----- DATA SUPPLIED -----
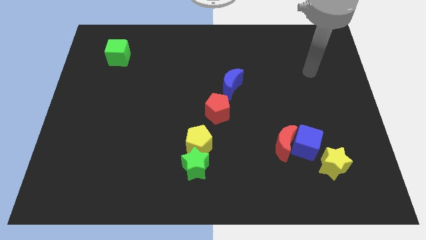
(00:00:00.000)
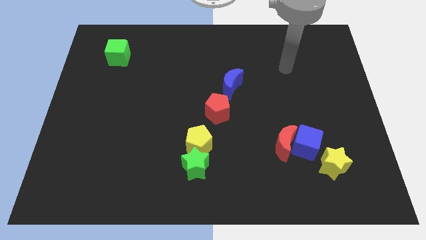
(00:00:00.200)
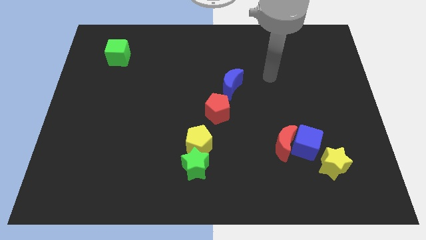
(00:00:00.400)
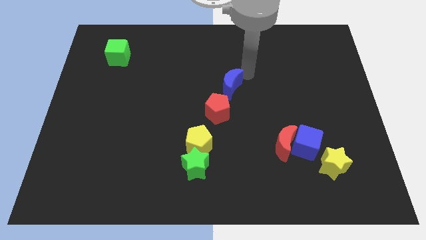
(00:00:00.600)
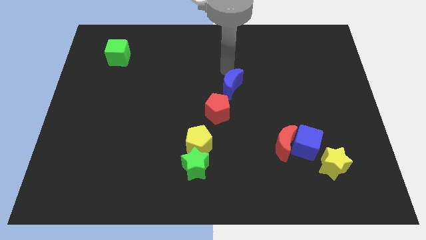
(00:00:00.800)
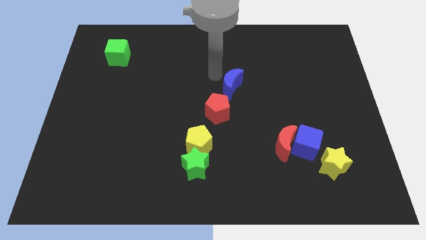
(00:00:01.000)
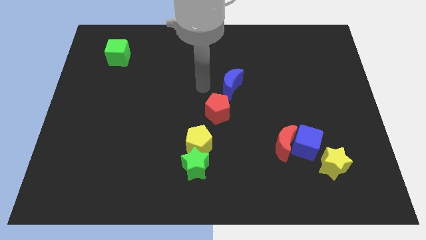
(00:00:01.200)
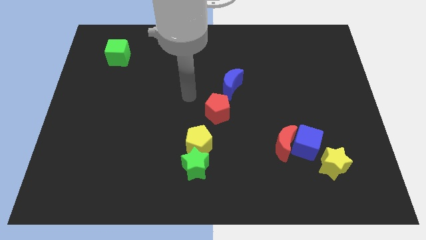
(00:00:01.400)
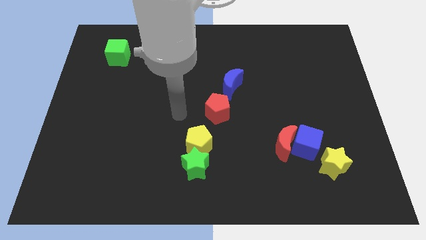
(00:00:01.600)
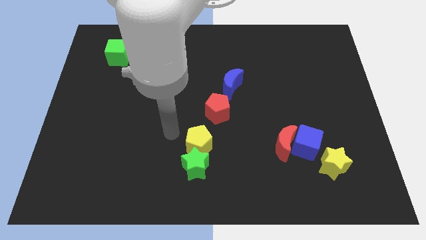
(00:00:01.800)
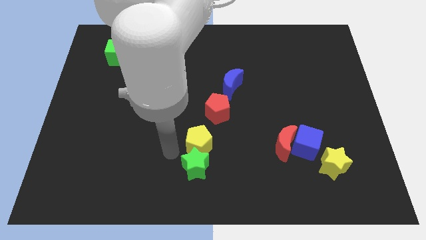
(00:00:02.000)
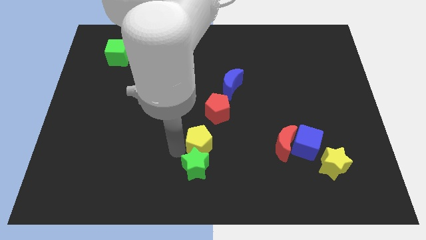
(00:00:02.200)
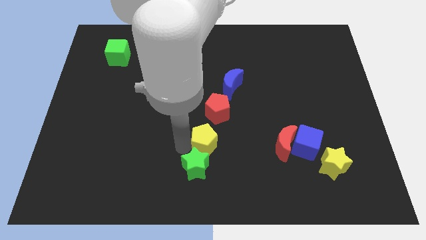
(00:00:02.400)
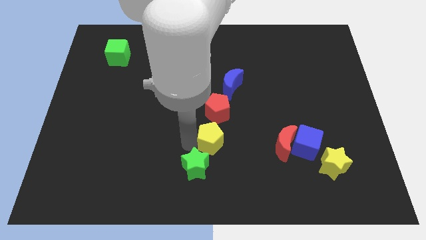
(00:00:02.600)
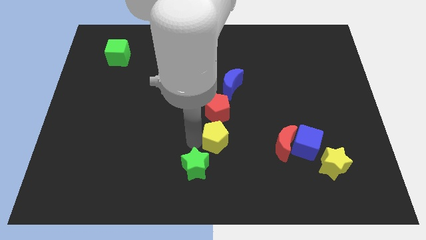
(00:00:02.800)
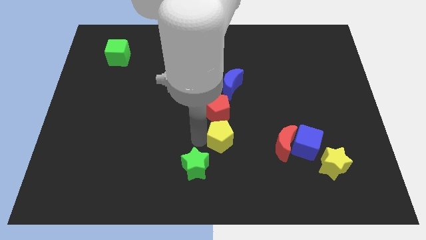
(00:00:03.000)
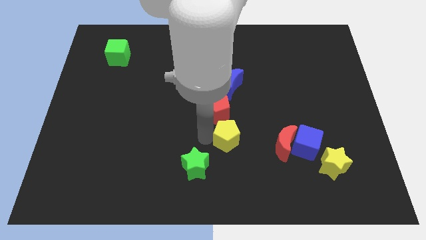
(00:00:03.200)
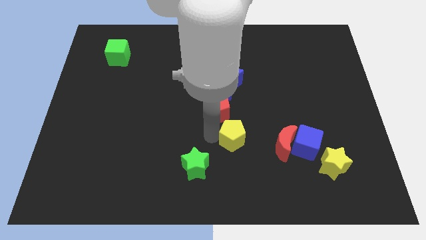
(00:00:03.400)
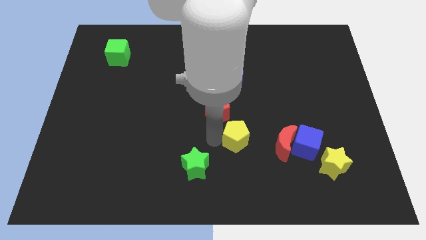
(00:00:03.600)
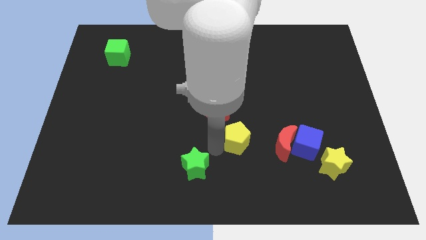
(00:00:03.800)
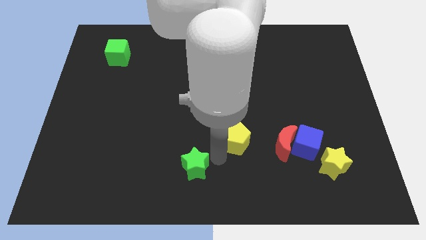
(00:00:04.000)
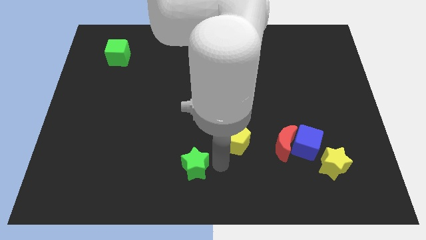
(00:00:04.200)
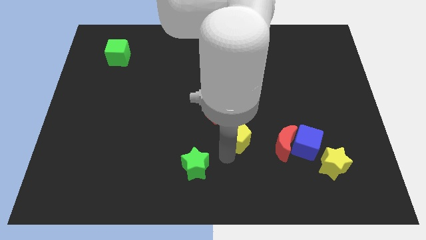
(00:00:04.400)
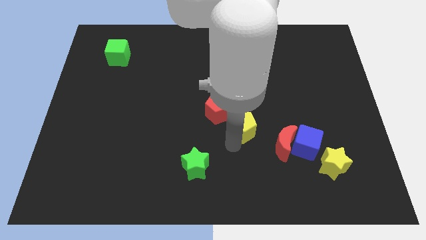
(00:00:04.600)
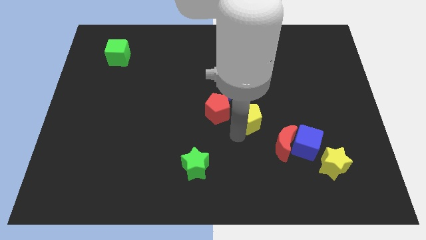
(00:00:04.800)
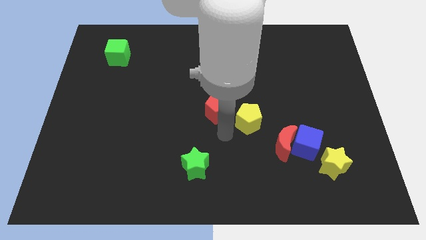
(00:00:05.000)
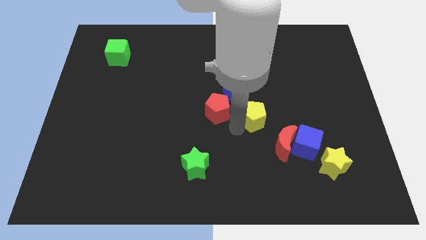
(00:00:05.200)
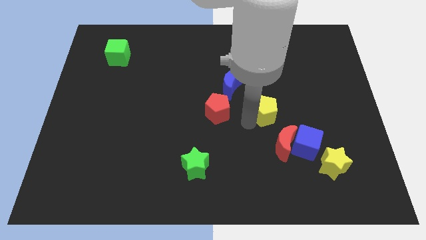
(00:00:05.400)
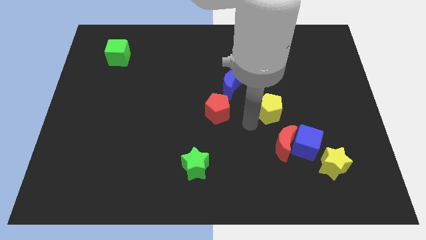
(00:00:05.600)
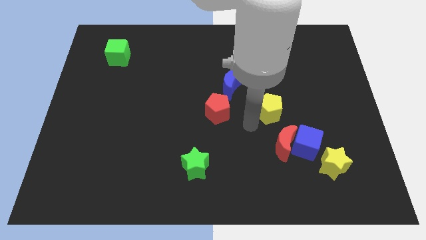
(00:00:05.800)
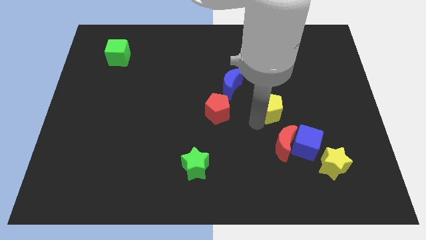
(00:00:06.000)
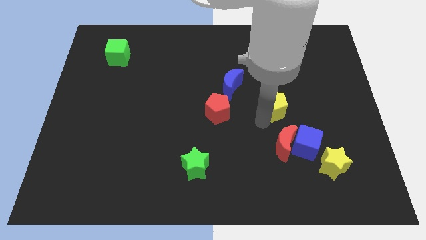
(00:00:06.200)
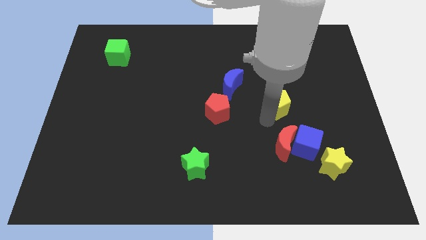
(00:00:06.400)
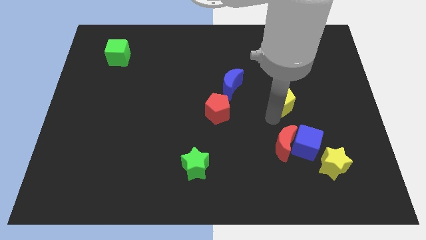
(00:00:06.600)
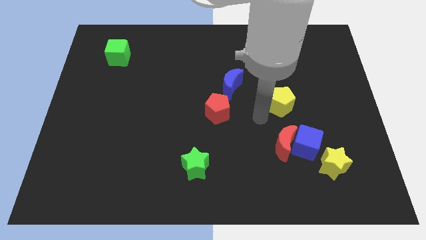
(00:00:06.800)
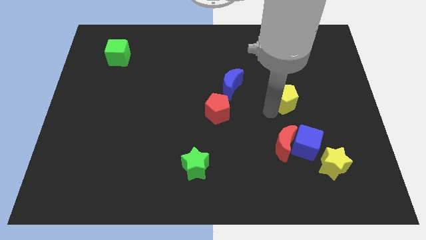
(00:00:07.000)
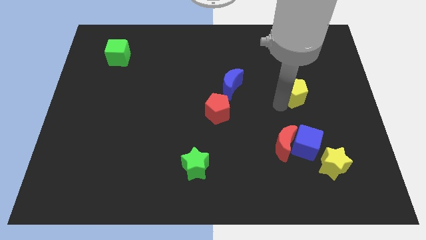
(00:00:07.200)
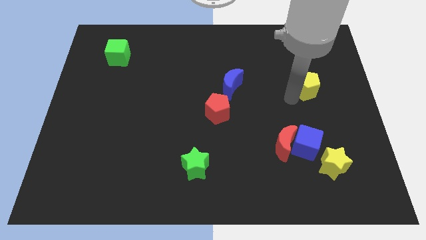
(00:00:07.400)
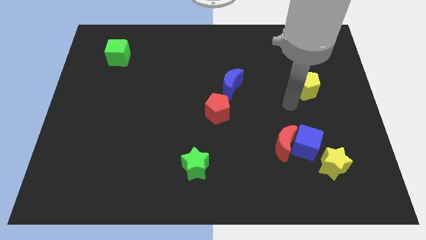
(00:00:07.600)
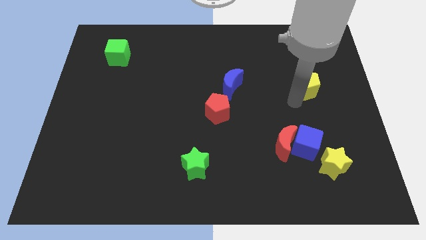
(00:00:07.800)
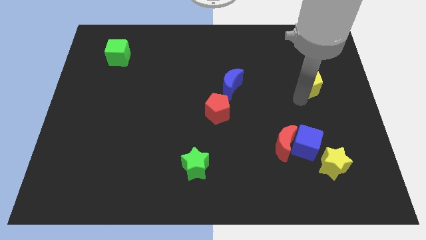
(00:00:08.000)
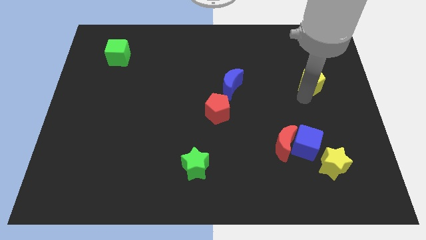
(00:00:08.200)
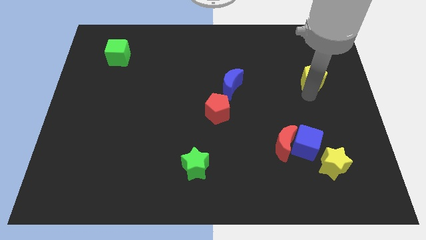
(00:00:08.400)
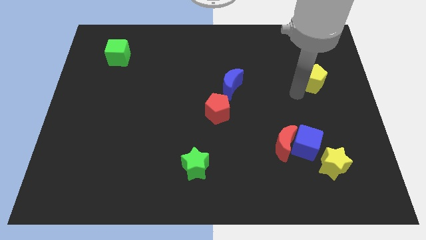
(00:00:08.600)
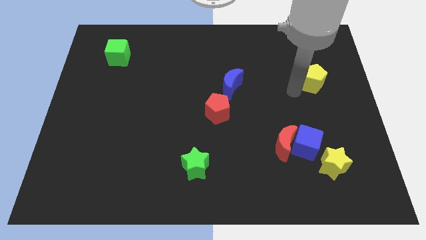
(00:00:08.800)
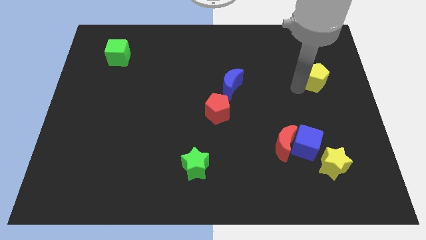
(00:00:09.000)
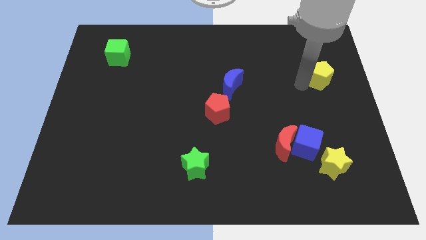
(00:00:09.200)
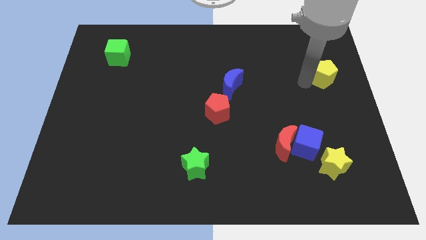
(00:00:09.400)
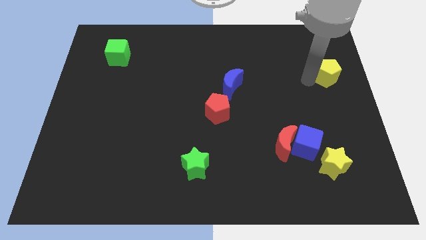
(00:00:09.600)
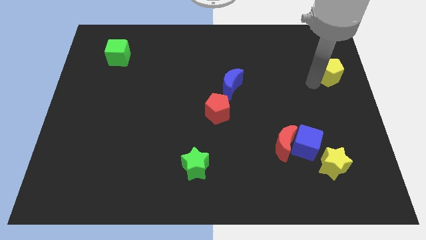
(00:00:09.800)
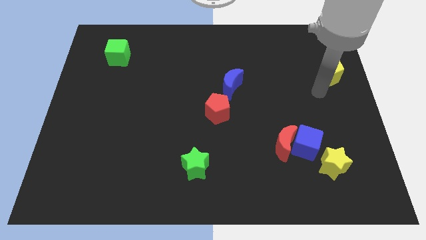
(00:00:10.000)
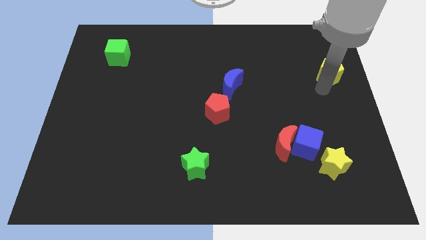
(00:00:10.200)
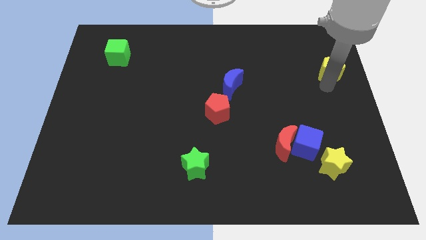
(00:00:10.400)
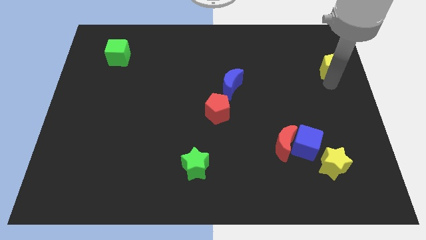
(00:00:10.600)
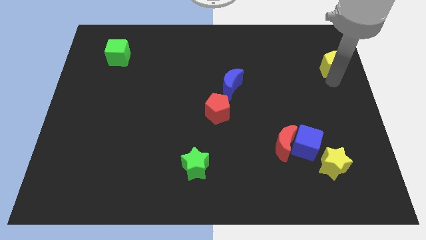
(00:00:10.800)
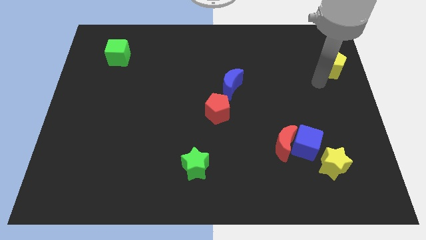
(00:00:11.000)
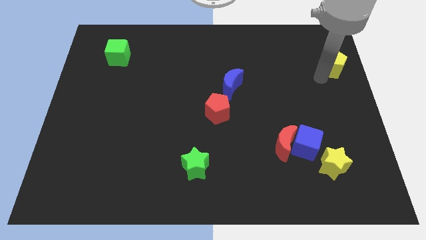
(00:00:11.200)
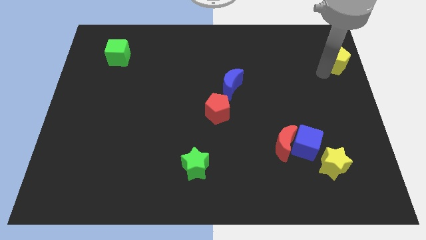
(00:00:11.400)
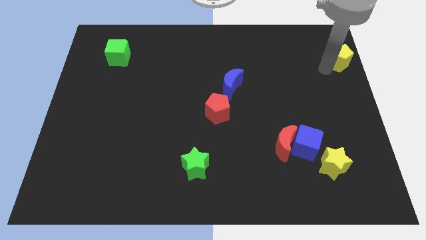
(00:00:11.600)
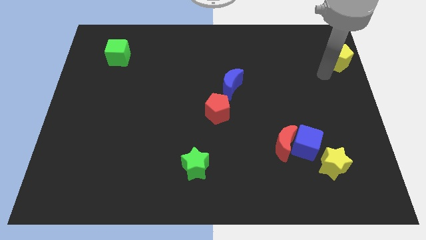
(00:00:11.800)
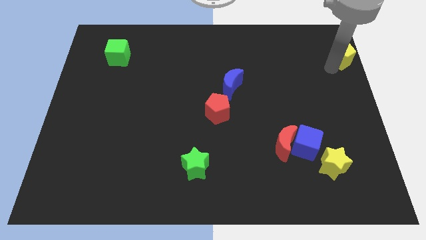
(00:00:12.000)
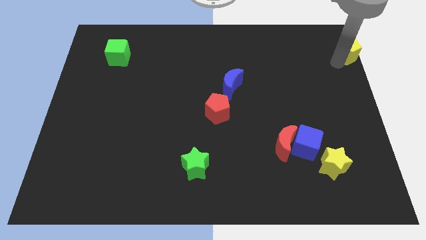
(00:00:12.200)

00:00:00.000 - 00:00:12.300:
slide the yellow pentagon to the top right
-----
### WHAT THE TASK REQUIRES
Provide a precise transcription of the listing, excluding each picture.

### SOLVED PROBLEM
(00:00:00.000)
(00:00:00.200)
(00:00:00.400)
(00:00:00.600)
(00:00:00.800)
(00:00:01.000)
(00:00:01.200)
(00:00:01.400)
(00:00:01.600)
(00:00:01.800)
(00:00:02.000)
(00:00:02.200)
(00:00:02.400)
(00:00:02.600)
(00:00:02.800)
(00:00:03.000)
(00:00:03.200)
(00:00:03.400)
(00:00:03.600)
(00:00:03.800)
(00:00:04.000)
(00:00:04.200)
(00:00:04.400)
(00:00:04.600)
(00:00:04.800)
(00:00:05.000)
(00:00:05.200)
(00:00:05.400)
(00:00:05.600)
(00:00:05.800)
(00:00:06.000)
(00:00:06.200)
(00:00:06.400)
(00:00:06.600)
(00:00:06.800)
(00:00:07.000)
(00:00:07.200)
(00:00:07.400)
(00:00:07.600)
(00:00:07.800)
(00:00:08.000)
(00:00:08.200)
(00:00:08.400)
(00:00:08.600)
(00:00:08.800)
(00:00:09.000)
(00:00:09.200)
(00:00:09.400)
(00:00:09.600)
(00:00:09.800)
(00:00:10.000)
(00:00:10.200)
(00:00:10.400)
(00:00:10.600)
(00:00:10.800)
(00:00:11.000)
(00:00:11.200)
(00:00:11.400)
(00:00:11.600)
(00:00:11.800)
(00:00:12.000)
(00:00:12.200)

00:00:00.000 - 00:00:12.300:
slide the yellow pentagon to the top right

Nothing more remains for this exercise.